小作の家の娘には生涯生家のために尽すことが当然に求められた。

戦前の社会ルールは、江戸時代の延長そのままの儒教思潮ベースであった。

先ず家ありき。個人の意志は家長の指図の前に消える。それが社会の風潮であり実態であった。

女 三界に家なし

多くの女のゴールは嫁になることだが。「嫁」なる漢字は、「女」と「家」とから成る。

「女」なる構成字は、家のサイドに添えて置かれているだけだ。

「家」には、立派な屋根=「宀」カンムリが付いている。

屋根の下に居て、ぬくぬく太るのは、家豚だけである。

さて上古の日本列島は、無文字であった。この頃既に大陸中国には文字があった。

情報がカタチとして残る文字を取入れることは、植物が水を受容れるごとく・ごく自然であった。
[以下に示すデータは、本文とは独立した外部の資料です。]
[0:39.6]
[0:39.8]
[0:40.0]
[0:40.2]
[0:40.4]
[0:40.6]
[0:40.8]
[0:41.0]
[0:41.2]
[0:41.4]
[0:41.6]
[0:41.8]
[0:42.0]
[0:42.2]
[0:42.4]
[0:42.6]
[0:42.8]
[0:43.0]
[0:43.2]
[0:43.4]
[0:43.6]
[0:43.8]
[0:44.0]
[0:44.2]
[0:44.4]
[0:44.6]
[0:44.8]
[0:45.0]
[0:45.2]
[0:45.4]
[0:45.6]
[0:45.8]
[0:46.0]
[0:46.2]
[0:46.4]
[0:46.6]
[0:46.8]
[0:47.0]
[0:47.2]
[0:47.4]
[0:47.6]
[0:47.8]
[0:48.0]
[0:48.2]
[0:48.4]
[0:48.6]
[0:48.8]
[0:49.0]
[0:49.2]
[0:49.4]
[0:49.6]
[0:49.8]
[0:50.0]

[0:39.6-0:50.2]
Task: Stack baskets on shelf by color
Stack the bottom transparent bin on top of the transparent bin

漢字は表記方法がタテ書きであり。ヨコ書きの英語などとは異なり。ものの見方・考え方もまた異なっていた。

漢字で語られる基調的思想は、儒教であった。これもまたごく自然に上古の日本列島に受容れられた。

階層など為政者・権力者にとって、都合の良いタテ社会のルールが当初から組込まれており。
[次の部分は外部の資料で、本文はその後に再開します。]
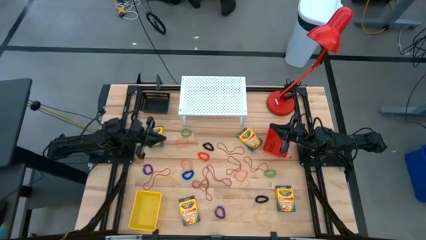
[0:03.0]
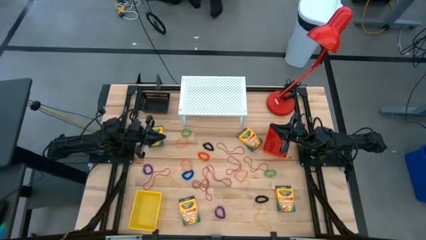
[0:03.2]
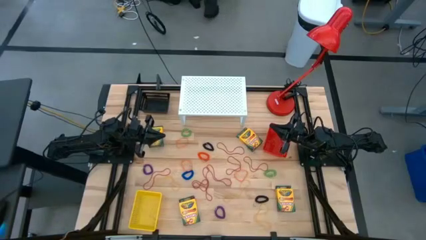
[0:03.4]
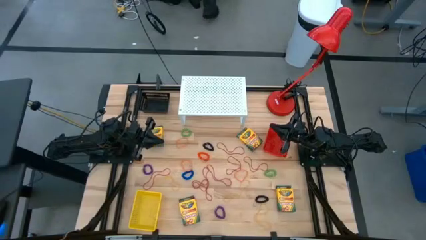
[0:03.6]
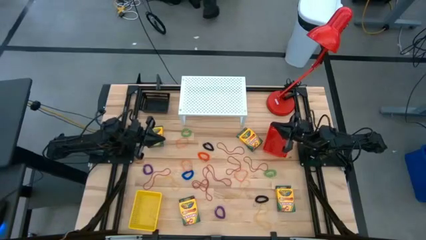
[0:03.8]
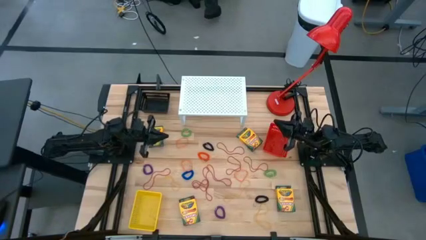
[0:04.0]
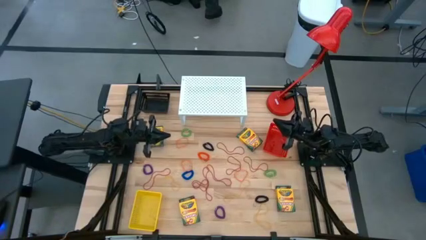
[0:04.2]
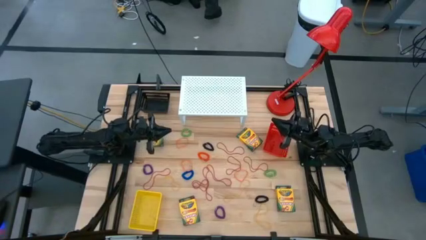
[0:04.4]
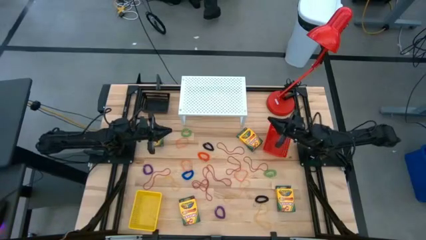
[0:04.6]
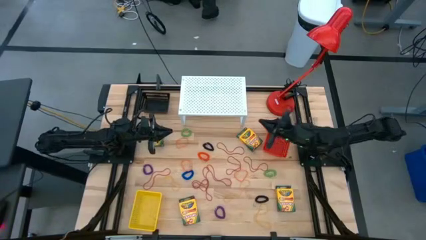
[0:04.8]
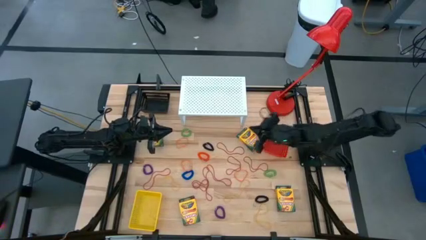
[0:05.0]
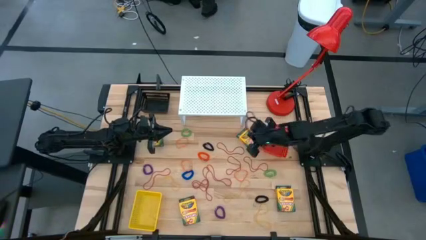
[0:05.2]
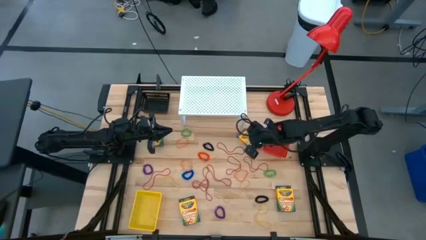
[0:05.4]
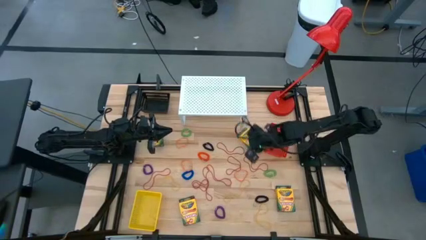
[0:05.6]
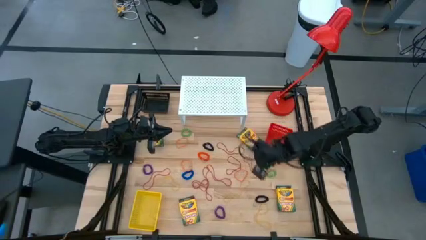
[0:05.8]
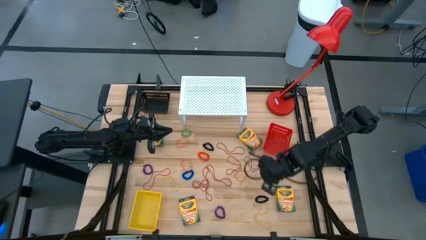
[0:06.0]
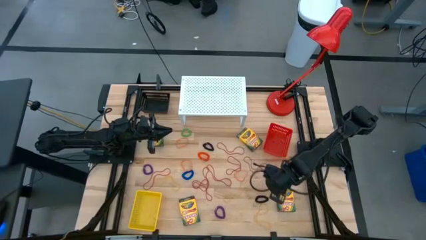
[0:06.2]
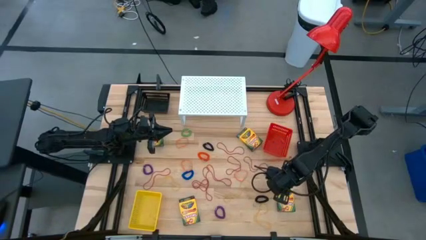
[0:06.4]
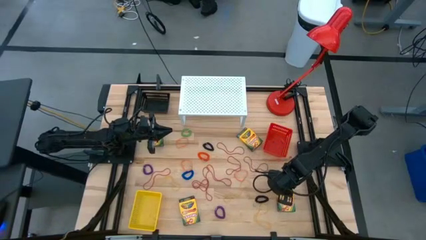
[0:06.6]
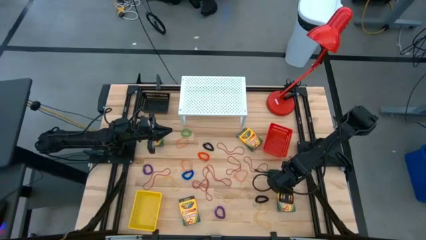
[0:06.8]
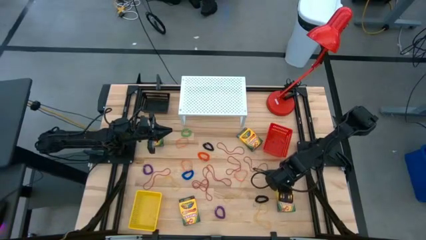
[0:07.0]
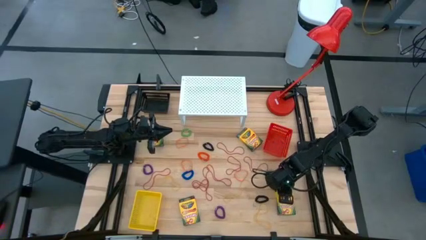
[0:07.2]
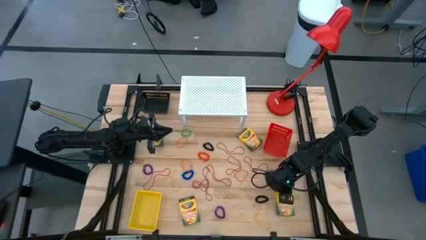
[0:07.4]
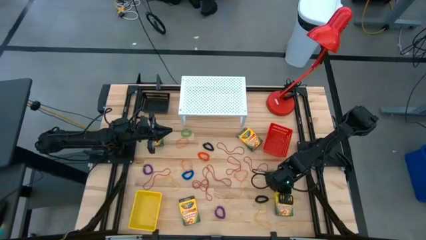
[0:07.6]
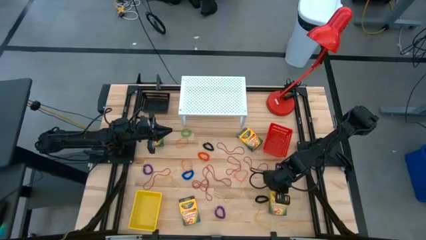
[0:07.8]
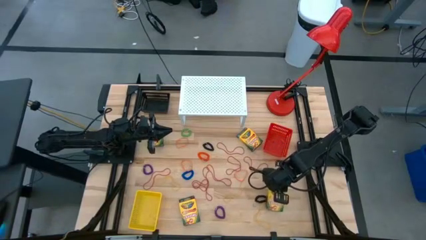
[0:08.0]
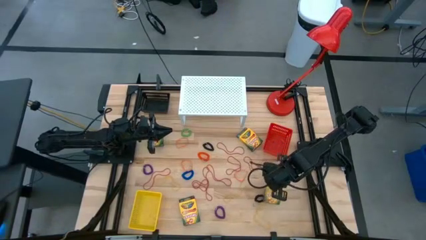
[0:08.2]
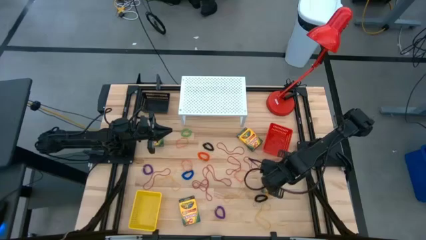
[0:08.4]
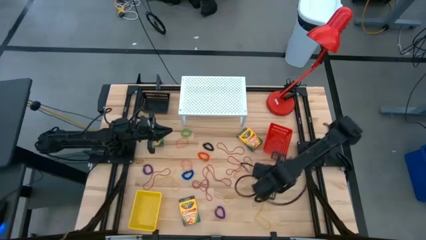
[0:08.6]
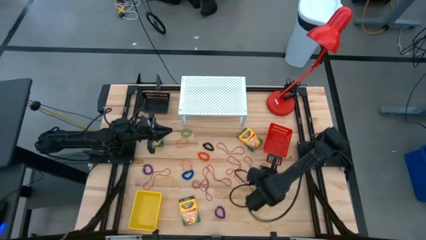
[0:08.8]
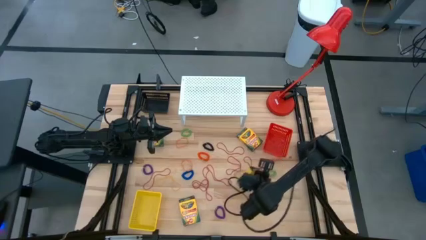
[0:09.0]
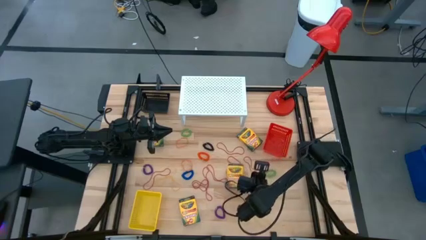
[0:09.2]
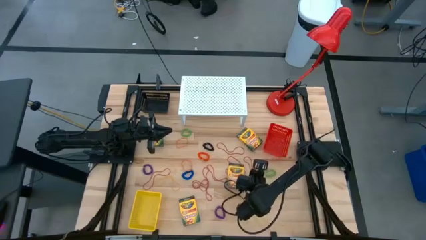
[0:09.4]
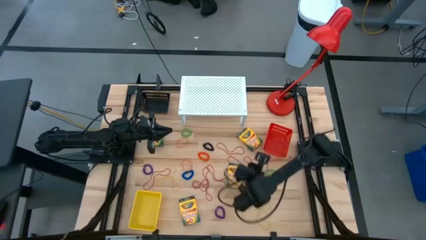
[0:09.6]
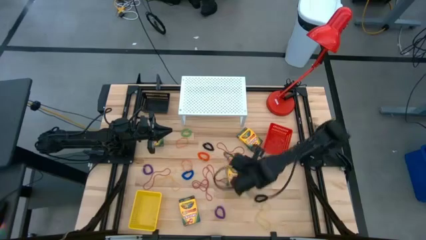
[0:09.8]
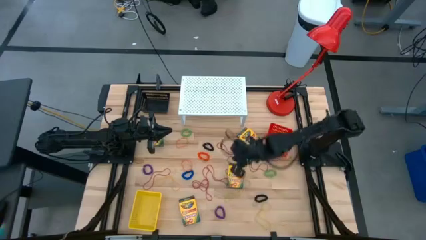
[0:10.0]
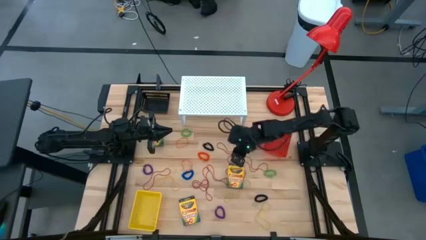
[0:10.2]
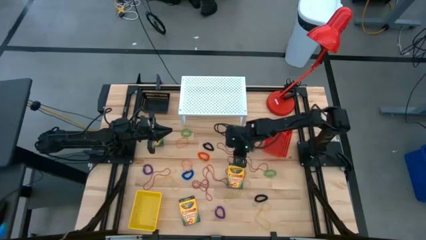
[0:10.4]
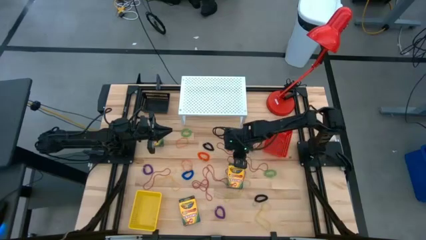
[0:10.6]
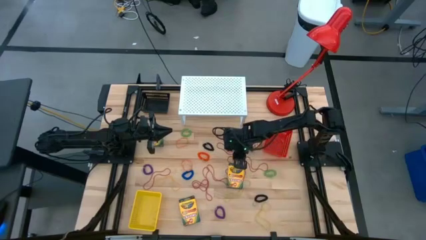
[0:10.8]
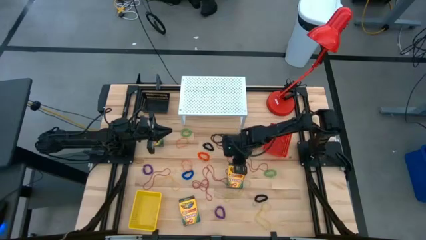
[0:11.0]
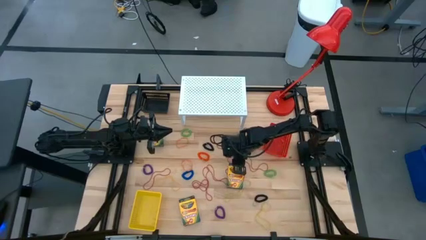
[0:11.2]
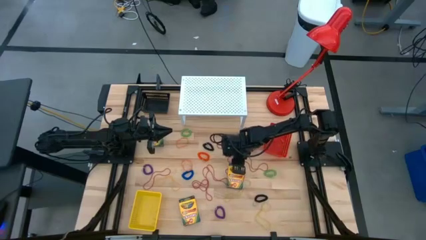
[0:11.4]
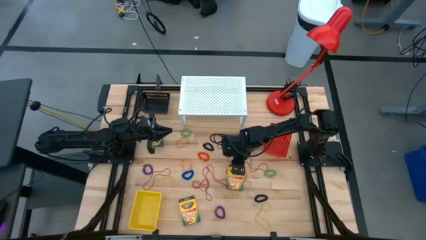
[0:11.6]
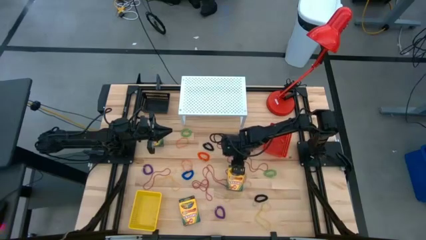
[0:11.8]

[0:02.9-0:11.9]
Task: Pick & Place Office Desk Supplies
Put the box yellow crayon into the red bin

西洋の古代ローマのように。民衆間の水平的関係や平等的な相互の位置関係を基礎に置くヨコの思潮とは、根本的に異なっていた。

さらに1600年の関ヶ原の戦に勝ち残った徳川家康は、大名の子は大名・足軽の子は足軽なる基層固定の=タテ社会ルールを一層強力に取入れ。長く安定した武家政権を樹立した。このやり方は、敗戦により放棄されるまで日本列島の主導的道徳であった。

今日はこれまでとします

2018-04-11

もがみ川感走録第60 もがみ川のおしん・その2 18:24

おしんが乗せられた筏は、早春の雪融け水に押流され。危うい川流れであったが、どうにか目的地に上陸し、奉公先に落ち着いた。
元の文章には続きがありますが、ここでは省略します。